Exercise brief>
Set the entries down again exactly; none may be skipped.

○ ○ ○ ○

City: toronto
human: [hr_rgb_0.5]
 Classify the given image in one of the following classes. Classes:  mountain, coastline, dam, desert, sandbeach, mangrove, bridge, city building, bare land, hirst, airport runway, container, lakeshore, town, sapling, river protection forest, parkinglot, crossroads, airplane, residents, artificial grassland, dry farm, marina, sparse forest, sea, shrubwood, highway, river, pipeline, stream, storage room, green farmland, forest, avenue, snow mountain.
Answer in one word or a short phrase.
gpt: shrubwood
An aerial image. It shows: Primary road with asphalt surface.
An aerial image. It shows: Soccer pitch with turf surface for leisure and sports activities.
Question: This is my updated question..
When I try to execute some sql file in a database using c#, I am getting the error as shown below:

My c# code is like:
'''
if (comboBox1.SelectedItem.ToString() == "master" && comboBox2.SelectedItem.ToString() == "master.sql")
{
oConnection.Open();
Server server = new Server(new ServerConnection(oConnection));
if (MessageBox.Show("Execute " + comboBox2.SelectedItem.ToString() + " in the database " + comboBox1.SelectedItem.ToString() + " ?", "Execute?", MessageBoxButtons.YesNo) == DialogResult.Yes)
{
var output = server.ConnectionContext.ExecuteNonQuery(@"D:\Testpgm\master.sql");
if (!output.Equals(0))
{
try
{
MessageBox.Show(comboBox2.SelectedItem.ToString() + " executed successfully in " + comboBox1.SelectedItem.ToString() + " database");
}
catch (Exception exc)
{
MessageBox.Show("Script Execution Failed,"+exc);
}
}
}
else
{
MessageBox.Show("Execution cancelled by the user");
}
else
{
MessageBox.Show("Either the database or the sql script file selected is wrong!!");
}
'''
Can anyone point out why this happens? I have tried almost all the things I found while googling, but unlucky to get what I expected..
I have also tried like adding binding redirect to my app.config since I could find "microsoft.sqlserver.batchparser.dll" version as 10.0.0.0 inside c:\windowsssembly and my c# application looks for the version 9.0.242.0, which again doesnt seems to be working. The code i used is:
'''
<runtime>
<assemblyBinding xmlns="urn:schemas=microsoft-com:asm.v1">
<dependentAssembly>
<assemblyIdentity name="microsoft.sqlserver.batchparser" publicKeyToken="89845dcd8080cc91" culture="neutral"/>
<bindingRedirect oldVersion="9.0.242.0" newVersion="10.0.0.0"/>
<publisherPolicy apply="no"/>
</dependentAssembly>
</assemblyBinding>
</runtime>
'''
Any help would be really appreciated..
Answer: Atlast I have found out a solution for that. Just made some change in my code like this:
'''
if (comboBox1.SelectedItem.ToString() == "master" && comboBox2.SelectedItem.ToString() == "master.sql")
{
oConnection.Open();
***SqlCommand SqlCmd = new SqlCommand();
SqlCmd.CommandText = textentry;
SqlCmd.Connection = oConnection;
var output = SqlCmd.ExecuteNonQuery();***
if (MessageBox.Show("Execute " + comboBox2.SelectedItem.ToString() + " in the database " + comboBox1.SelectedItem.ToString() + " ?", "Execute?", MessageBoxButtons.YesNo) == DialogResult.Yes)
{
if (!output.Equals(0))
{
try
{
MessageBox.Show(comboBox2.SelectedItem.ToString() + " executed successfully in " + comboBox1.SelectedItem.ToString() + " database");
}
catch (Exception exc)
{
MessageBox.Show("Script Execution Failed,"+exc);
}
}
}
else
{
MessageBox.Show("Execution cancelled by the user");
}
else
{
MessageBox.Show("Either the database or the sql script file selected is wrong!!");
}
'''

○ ○ ○ ○

Your response>
City: toronto
human: [hr_rgb_0.5]
 Classify the given image in one of the following classes. Classes:  mountain, coastline, dam, desert, sandbeach, mangrove, bridge, city building, bare land, hirst, airport runway, container, lakeshore, town, sapling, river protection forest, parkinglot, crossroads, airplane, residents, artificial grassland, dry farm, marina, sparse forest, sea, shrubwood, highway, river, pipeline, stream, storage room, green farmland, forest, avenue, snow mountain.
Answer in one word or a short phrase.
gpt: shrubwood
An aerial image. It shows: Primary road with asphalt surface.
An aerial image. It shows: Soccer pitch with turf surface for leisure and sports activities.
Question: This is my updated question..
When I try to execute some sql file in a database using c#, I am getting the error as shown below:

My c# code is like:
'''
if (comboBox1.SelectedItem.ToString() == "master" && comboBox2.SelectedItem.ToString() == "master.sql")
{
oConnection.Open();
Server server = new Server(new ServerConnection(oConnection));
if (MessageBox.Show("Execute " + comboBox2.SelectedItem.ToString() + " in the database " + comboBox1.SelectedItem.ToString() + " ?", "Execute?", MessageBoxButtons.YesNo) == DialogResult.Yes)
{
var output = server.ConnectionContext.ExecuteNonQuery(@"D:\Testpgm\master.sql");
if (!output.Equals(0))
{
try
{
MessageBox.Show(comboBox2.SelectedItem.ToString() + " executed successfully in " + comboBox1.SelectedItem.ToString() + " database");
}
catch (Exception exc)
{
MessageBox.Show("Script Execution Failed,"+exc);
}
}
}
else
{
MessageBox.Show("Execution cancelled by the user");
}
else
{
MessageBox.Show("Either the database or the sql script file selected is wrong!!");
}
'''
Can anyone point out why this happens? I have tried almost all the things I found while googling, but unlucky to get what I expected..
I have also tried like adding binding redirect to my app.config since I could find "microsoft.sqlserver.batchparser.dll" version as 10.0.0.0 inside c:\windowsssembly and my c# application looks for the version 9.0.242.0, which again doesnt seems to be working. The code i used is:
'''
<runtime>
<assemblyBinding xmlns="urn:schemas=microsoft-com:asm.v1">
<dependentAssembly>
<assemblyIdentity name="microsoft.sqlserver.batchparser" publicKeyToken="89845dcd8080cc91" culture="neutral"/>
<bindingRedirect oldVersion="9.0.242.0" newVersion="10.0.0.0"/>
<publisherPolicy apply="no"/>
</dependentAssembly>
</assemblyBinding>
</runtime>
'''
Any help would be really appreciated..
Answer: Atlast I have found out a solution for that. Just made some change in my code like this:
'''
if (comboBox1.SelectedItem.ToString() == "master" && comboBox2.SelectedItem.ToString() == "master.sql")
{
oConnection.Open();
***SqlCommand SqlCmd = new SqlCommand();
SqlCmd.CommandText = textentry;
SqlCmd.Connection = oConnection;
var output = SqlCmd.ExecuteNonQuery();***
if (MessageBox.Show("Execute " + comboBox2.SelectedItem.ToString() + " in the database " + comboBox1.SelectedItem.ToString() + " ?", "Execute?", MessageBoxButtons.YesNo) == DialogResult.Yes)
{
if (!output.Equals(0))
{
try
{
MessageBox.Show(comboBox2.SelectedItem.ToString() + " executed successfully in " + comboBox1.SelectedItem.ToString() + " database");
}
catch (Exception exc)
{
MessageBox.Show("Script Execution Failed,"+exc);
}
}
}
else
{
MessageBox.Show("Execution cancelled by the user");
}
else
{
MessageBox.Show("Either the database or the sql script file selected is wrong!!");
}
'''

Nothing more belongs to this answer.